Au vu de ces éléments, et de l’hypothèse retenue par le COR d’une croissance réelle potentielle de 0,7% du PIB à long terme, on peut raisonnablement tabler sur un « r » de 4% réels, c’est-à-dire après prise en compte de l’inflation. Un article fait un point approfondi sur cette question29 : sur longue période, les pays occidentaux sont bien dans le cas de figure où r > g.
Rendements du capital et taux
de croissance sur très longue période et deux sous‑périodes (1890-2015,
en excluant les deux guerres mondiales, et 1980‑2015) pour une sélection
de pays industrialisés
Au vu de ces observations, il paraît donc raisonnable de tabler
sur un taux de rendement financier à long terme de l’ordre de 4% pour
un pays comme la France (ce qui correspond à un écart r-g de l’ordre de
3%).
Cela suppose toutefois d’allouer plus de 50% des actifs du fonds en
actions (cotées ou non cotées), à la différence du régime additionnel de
la fonction publique (RAFP) dont les rendements sont moindres en raison
de contraintes de gestion très strictes. Pour un régime de
capitalisation ayant des engagements à très long terme, ce choix
d’investir au moins 50% des actifs en actions nous paraît justifié.
Nous sommes conscients que cette hypothèse de 4% de rendement réel
suscitera des débats. Nous avons donc testé la portée du taux de
rendement financier de long terme sur la dynamique de la phase
transitoire : nous avons retenu deux valeurs autour du rendement central
de 4%, 3% et 5%, et mesuré les effets de ces valeurs sur le gain de
taux de cotisation au cours du temps. Ces différents niveaux de
rendement de long terme génèrent des écarts sur le taux de cotisation de
long terme et sur la réduction de taux de cotisation qui passe de 5
points à 7,5 points. Ils illustrent toute l’importance de la « valeur
temps » d’un régime retraite en capitalisation presque totalement
illiquide (du fait de son caractère obligatoire et de sa dimension
nationale) et dont tant le volume que l’horizon de gestion des
placements sont sans équivalent en France.
Variation du taux de cotisation total (répartition et capitalisation) (en %)
Scénario 2
Il est intéressant de noter que même avec une hypothèse de rendement
de 3%, la mise en place du régime par capitalisation est tout à fait
possible, mais prend naturellement davantage de temps à engendrer une
baisse sensible des cotisations.
On pourra objecter que les perspectives de croissance d’un pays en
situation de vieillissement démographique comme la France pourraient
être différentes de celles que nous avons connues sur la période étudiée
dans cet article, et que les écarts r-g calculés par le passé pour une
économie de ce type pourraient donc ne pas être pertinents pour l’avenir30.
Ce serait négliger les possibilités d’investissement dans des pays en
forte croissance et à rendements du capital élevés, car si le facteur « g
» est bien lié aux performances économiques françaises, le facteur « r »
doit être estimé sur une base internationale.
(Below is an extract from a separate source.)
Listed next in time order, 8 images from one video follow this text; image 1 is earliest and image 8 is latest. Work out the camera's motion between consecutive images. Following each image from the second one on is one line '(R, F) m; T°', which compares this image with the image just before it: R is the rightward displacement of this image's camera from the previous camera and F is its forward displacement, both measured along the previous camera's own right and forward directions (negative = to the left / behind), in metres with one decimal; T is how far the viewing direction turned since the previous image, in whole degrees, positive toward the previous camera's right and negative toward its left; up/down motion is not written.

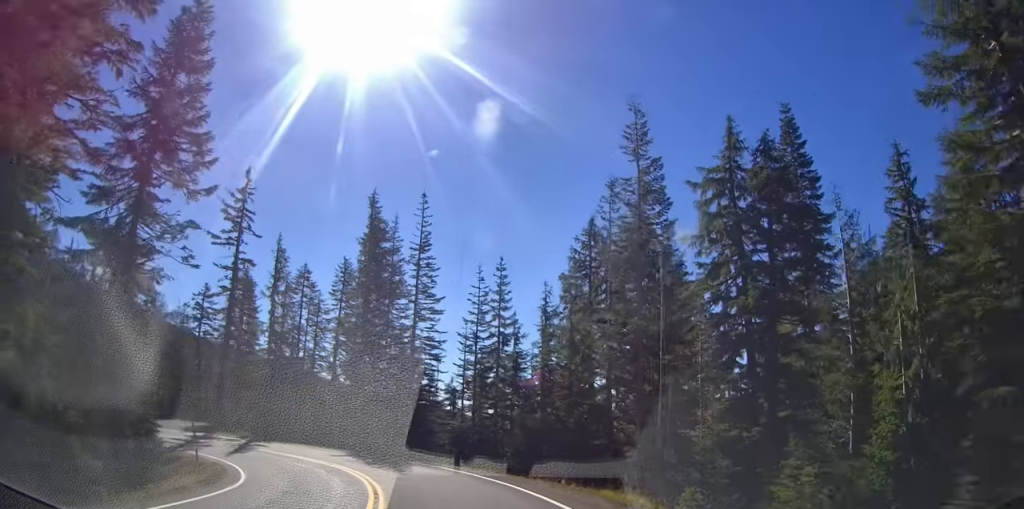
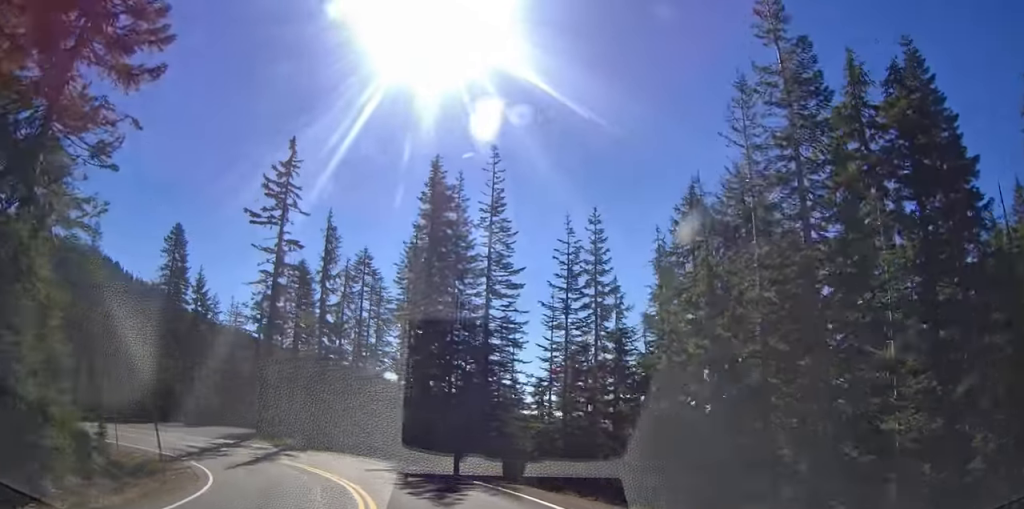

Dit autrement, une
formule par capitalisation réussie suppose un investissement
géographiquement diversifié, qui permet aussi d’investir dans les pays à
forts gains de productivité et à rendement du capital élevé. C’est
naturellement faire un pari sur les perspectives de croissance mondiale
et sur un minimum de stabilité internationale. Dans l’hypothèse d’un
effondrement du système financier international, il est clair qu’un
régime par capitalisation en serait affecté, comme cela a pu être le cas
dans l’histoire européenne. Mais qui peut croire alors que notre régime
par répartition actuel ne serait pas également fortement déstabilisé
par une crise économique durable frappant de plein fouet une France déjà
surendettée ?
Le choix de rendement réel de 4% apparaît par ailleurs cohérent si l’on considère les rendements sur 60 ans de quelques grands fonds d’investissement d’une taille comparable à celle du nouveau régime (rendements réels nets d’inflation). À cet égard, il faut rappeler que la taille exceptionnelle du fonds de capitalisation proposé et son caractère obligatoire (qui lui assure un flux de recettes certain, ce qui n’est évidemment pas le cas des fonds de pension usuels) lui permettent d’être investi dans des actifs de très long terme peu liquides. Pour cette raison, et en supposant que sa gouvernance respecte les principes posés dans la 4e partie de cette note, il est susceptible de dégager des rendements au moins comparables à ceux qu’atteignent habituellement les fonds de pension.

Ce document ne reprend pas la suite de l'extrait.